Data pipelines: Communication is required between different systems in the real time scenario, which is done by using data pipelines. For an example let’s consider that chat server needs to communicate with Database server for storing messages.

Data Pipeline

In the organizations, they have lot of servers like, database server, email servers and FTP servers like so on. According to the highest needs of the company, they have lot of nodes or applications to access the database. Suppose that, Front-end, Hadoop, Database slave and chat server need to access the database server.

Simple pipeline

In here it has multiple pipelines to the database server to achieve the communication with Database server by the other nodes. With increase of the nodes, it increases the number of pipelines also.

As well as organizations have lot of servers in the back-end environment also. Suppose that there is another extra security service server also. Then all applications need to communication with security service server also. Now infrastructure of the system is going to high rather than previous one.

Complex pipeline

Complex data pipelines:

Complex pipeline- image 02

Time to time, the architecture of the server side is being complexing. Now system is more complicated. Adding a new server to the system is very hard and very complex. Efficiency and reliability of the pipelines are going down. Other than that, adding or dropping a pipeline from the system is very complex.

Solution: Solution to the problem is to introduce a messaging system between the applications and servers. Messaging system helps to manage the complexity of pipelines. In here communication mechanism is simple and manageable. By using messaging system, it is easy to establish remote connection and reduce the complexity of the system. It is easy to send data via a cross network. Different systems use different languages and different platforms. But in this messaging system, it provides a common architecture and common platform to messaging without any dependency on language or platforms. It establishes asynchronous messaging communication and sender does not need to wait until process the message by receiver. The solution provides a better platform to enhance the reliable communication here.

How Kafka solve the problem:

Usage of Kafka

By using Kafka, decouples the data pipeline.

All applications are consuming data from Kafka. Other servers produce the data to the Kafka. Here it is very easy to add or drop any application or server to the system. Suppose that I have added a new application to the system, then it needs to subscribe categories according to the respective server needed.

What is Apache Kafka?

Apache Kafka is a distributed publish-subscribe messaging system
It was originally developed by LinkedIn and later it became a part of Apache project.
Kafka is fast, scalable, durable, fault – tolerance and distributed by design.

Kafka with LinkedIn

Kafka in LinkedIn

Kafka Growth Expanding

More than 1/3 of all Fortune 500 companies use Kafka
Linkedln, Microsoft and Netflix process billing of messages a day with Kafka(1,000,000,000,000)
Kafka is used for real-time streams of data and usage to collect big data for real time analysis.

Kafka Terminology

Topic: A topic is a category or feed name to which records are published

Producers: A producer can be any application who can publish messages to a topic

Broker: Kafka cluster is a set of servers, each of which is called a broker.

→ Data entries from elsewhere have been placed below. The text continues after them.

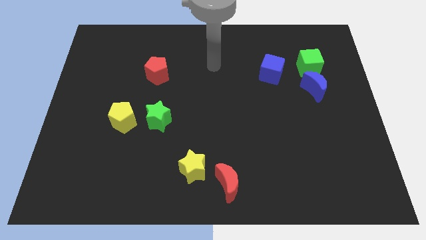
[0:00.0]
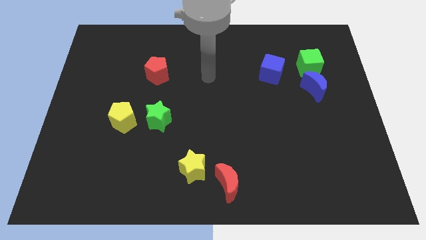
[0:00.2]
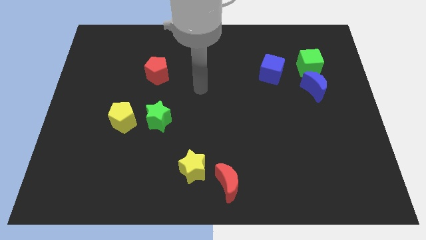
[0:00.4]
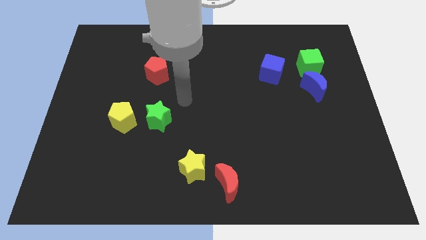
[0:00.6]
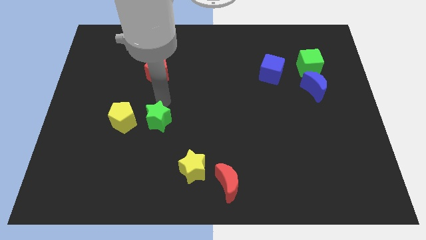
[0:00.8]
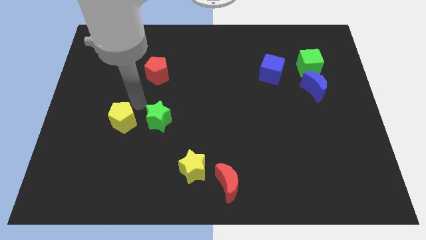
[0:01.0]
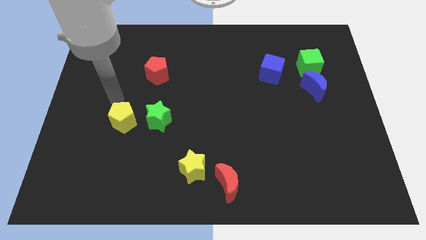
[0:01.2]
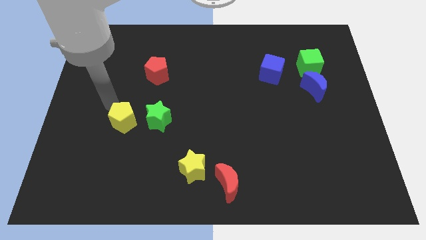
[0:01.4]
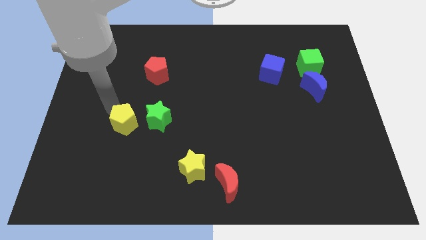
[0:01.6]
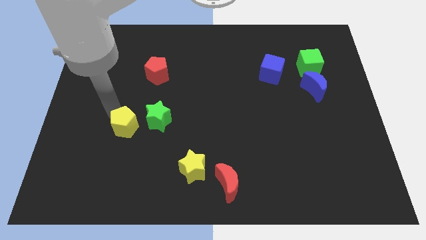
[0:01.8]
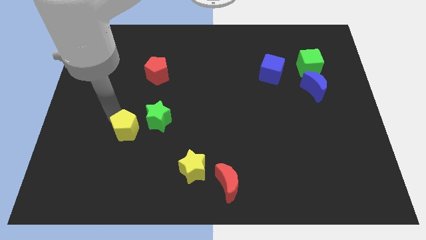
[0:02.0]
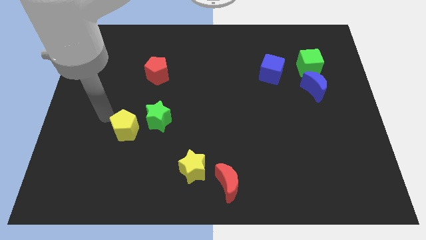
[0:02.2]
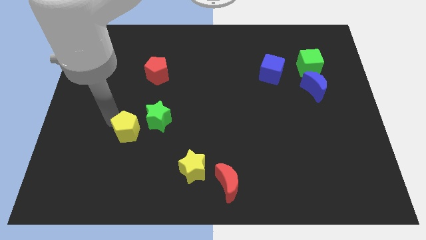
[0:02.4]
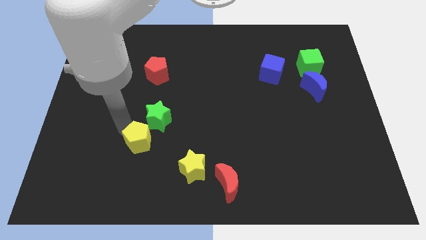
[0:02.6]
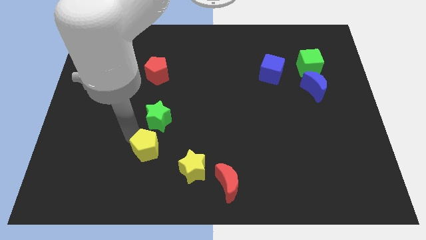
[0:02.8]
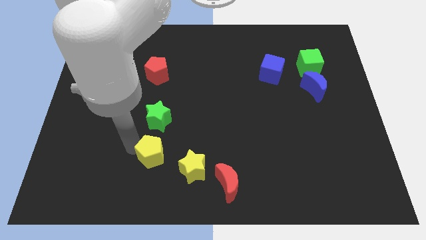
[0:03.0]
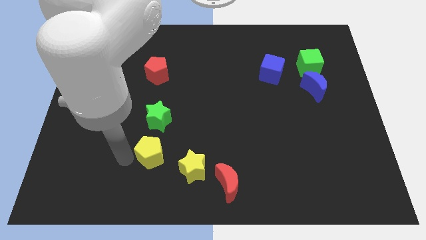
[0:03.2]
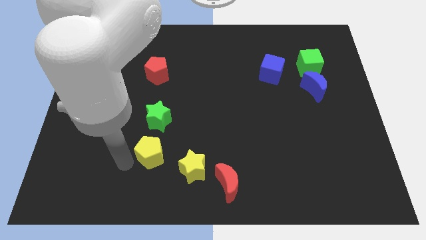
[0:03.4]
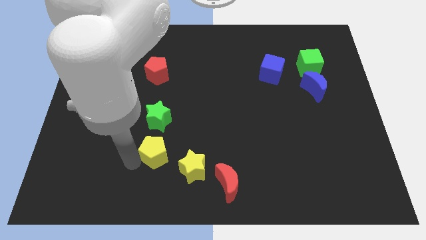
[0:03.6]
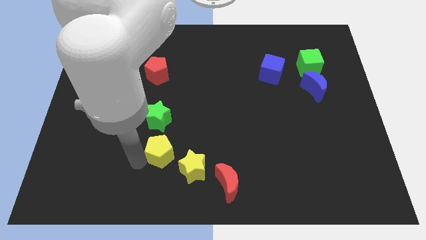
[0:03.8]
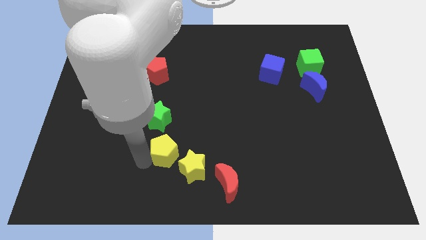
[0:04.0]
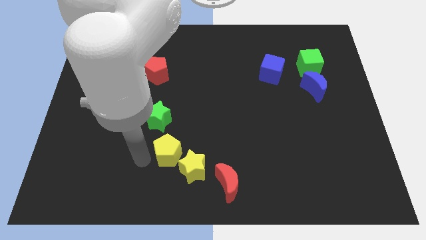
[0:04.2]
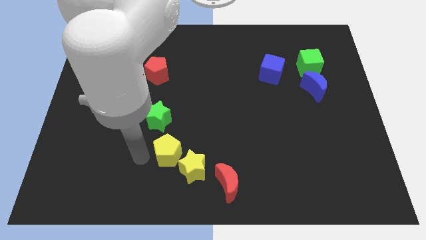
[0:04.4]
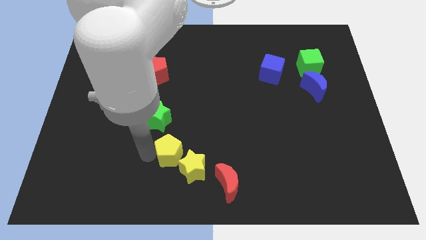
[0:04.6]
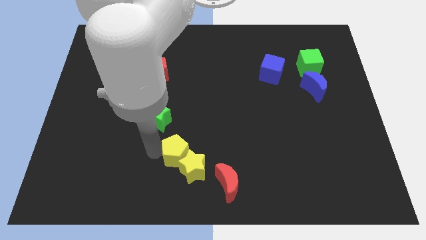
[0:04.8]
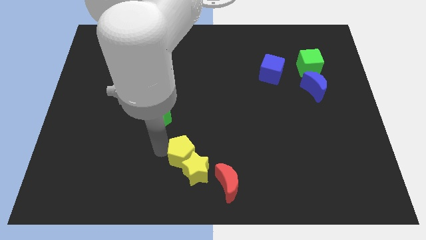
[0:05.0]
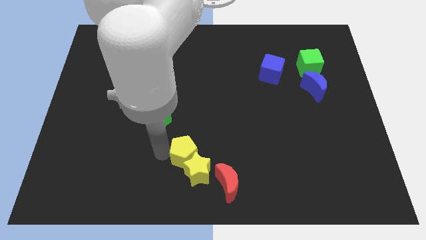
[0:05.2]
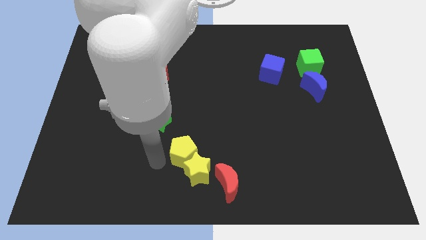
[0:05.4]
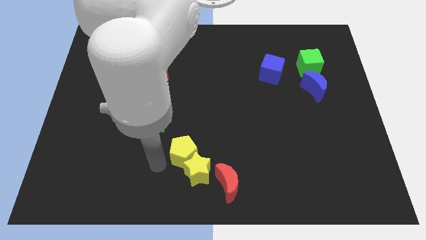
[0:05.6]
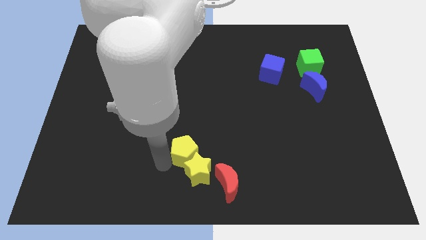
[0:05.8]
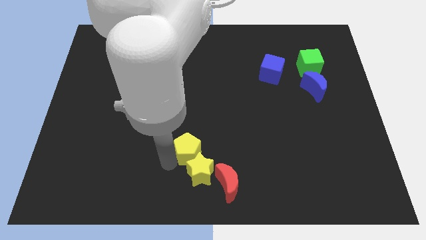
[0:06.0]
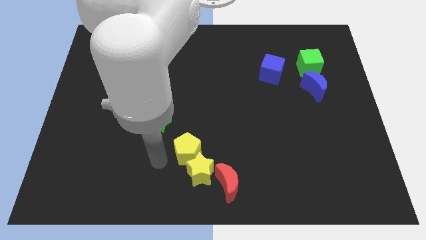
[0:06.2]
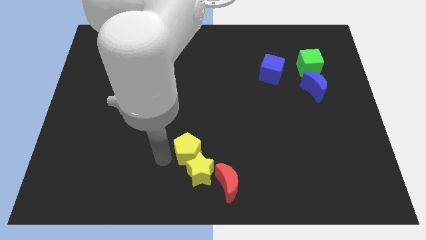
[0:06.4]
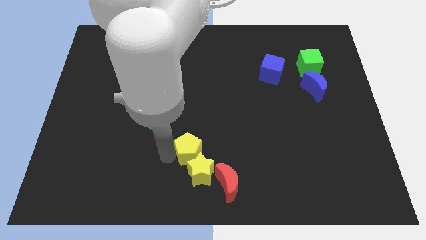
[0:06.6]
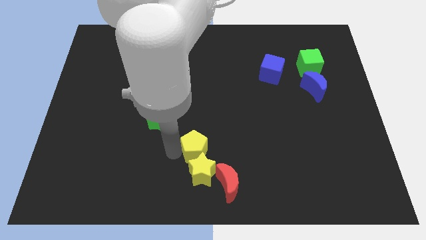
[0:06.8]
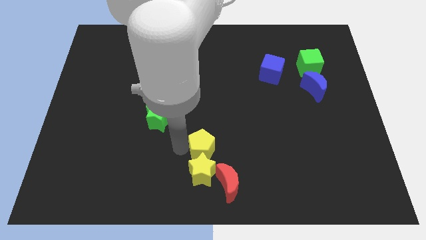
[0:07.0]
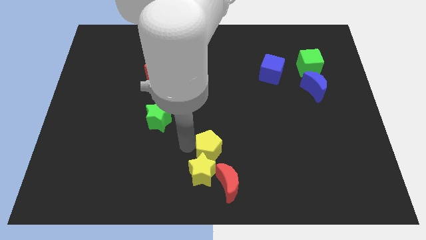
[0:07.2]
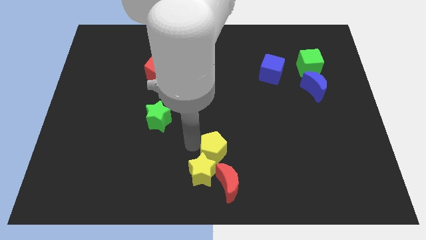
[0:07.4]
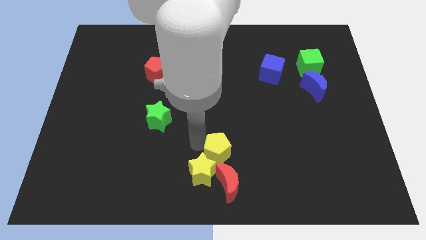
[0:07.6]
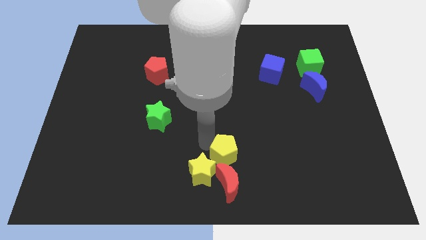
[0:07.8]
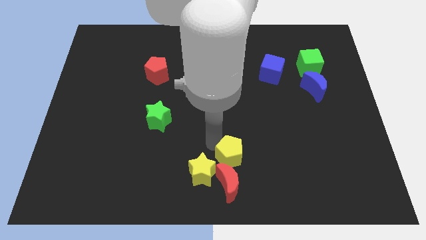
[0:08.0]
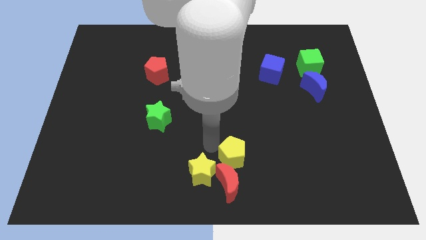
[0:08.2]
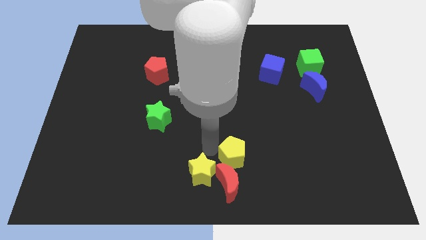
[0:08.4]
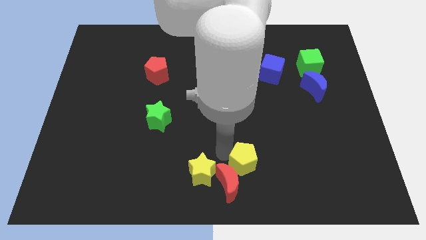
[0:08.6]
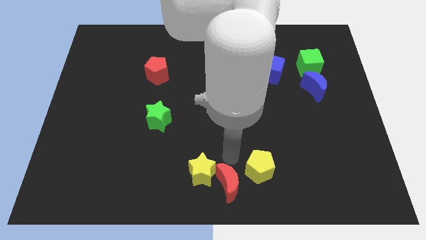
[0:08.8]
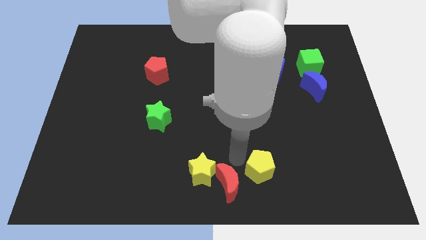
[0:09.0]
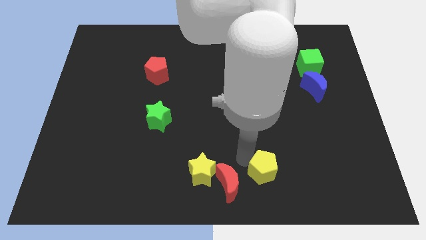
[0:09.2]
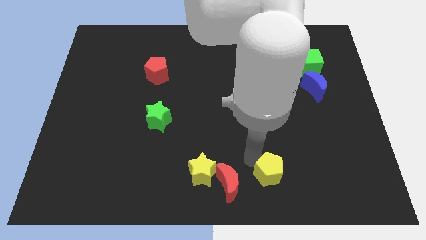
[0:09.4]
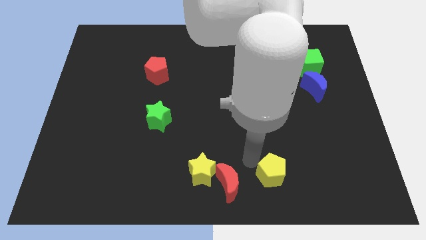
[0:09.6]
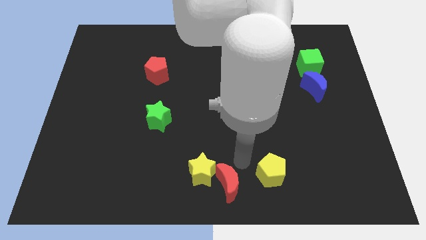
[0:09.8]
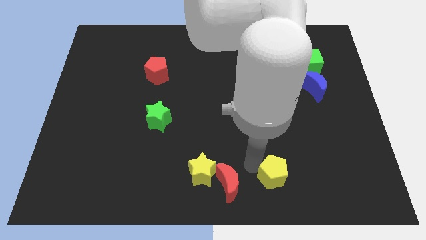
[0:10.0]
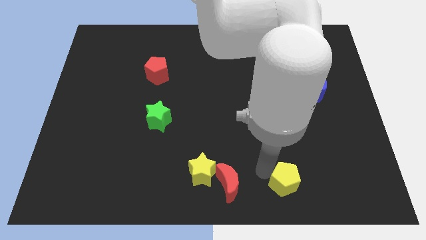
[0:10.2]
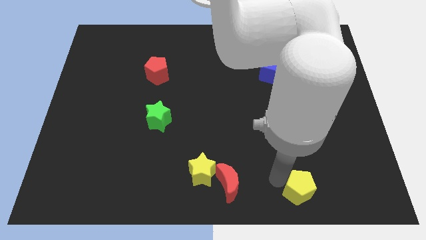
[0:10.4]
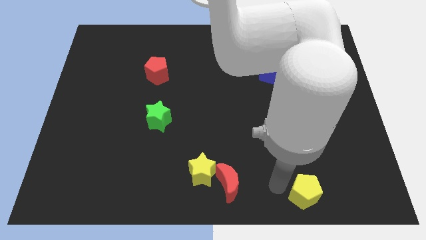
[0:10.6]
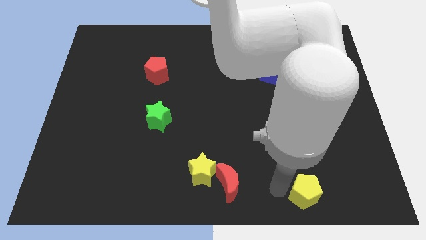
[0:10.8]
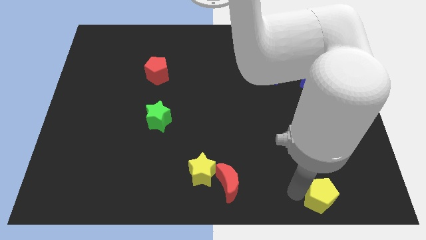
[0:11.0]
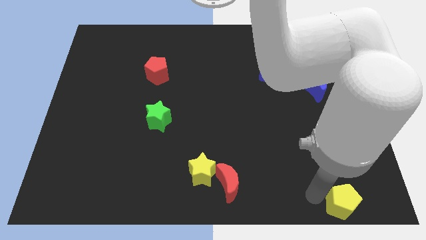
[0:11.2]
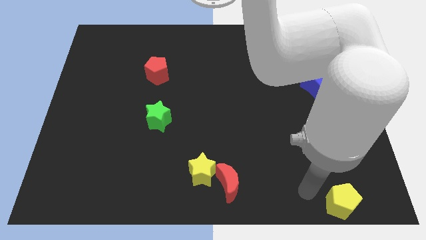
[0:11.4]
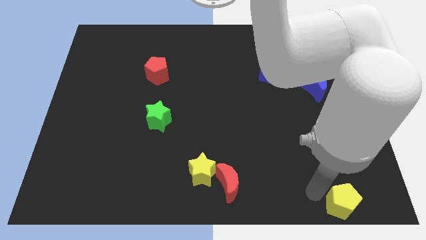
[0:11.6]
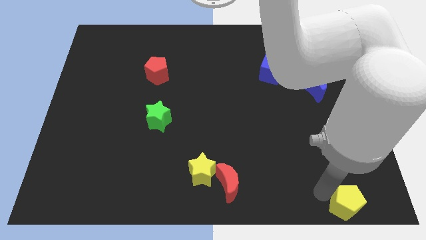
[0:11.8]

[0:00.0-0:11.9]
move the yellow pentagon to the lower right corner

Consumer: A consumer can be any application

Partition: Topics are broken up into ordered commit logs called partitions

Zookeeper: Zookeeper is used for managing and coordinating Kafka broker

Kafka Cluster

Apache Kafka Cluster

Multiple producers produce data to Kafka broker and these Kafka brokers are in Kafka cluster. Multiple consumers, consume data from Kafka cluster. The Kafka cluster is getting manage by Zookeeper.

Kafka Architecture

Kafka Architecture

Kafka Features

High throughput: provides support for hundreds of thousands of messages with modest hardware
Scalability: Highly scalable distributed system with no downtime
Data Loss: Kafka ensures no data loss once configured properly
Stream Processing: Kafka can be used along with real time streaming applications like Spark and Storm.
Durability: Provides support to persisting message on disk.
Replication: Messages can be replicated across clusters, which supports multiple subscribes.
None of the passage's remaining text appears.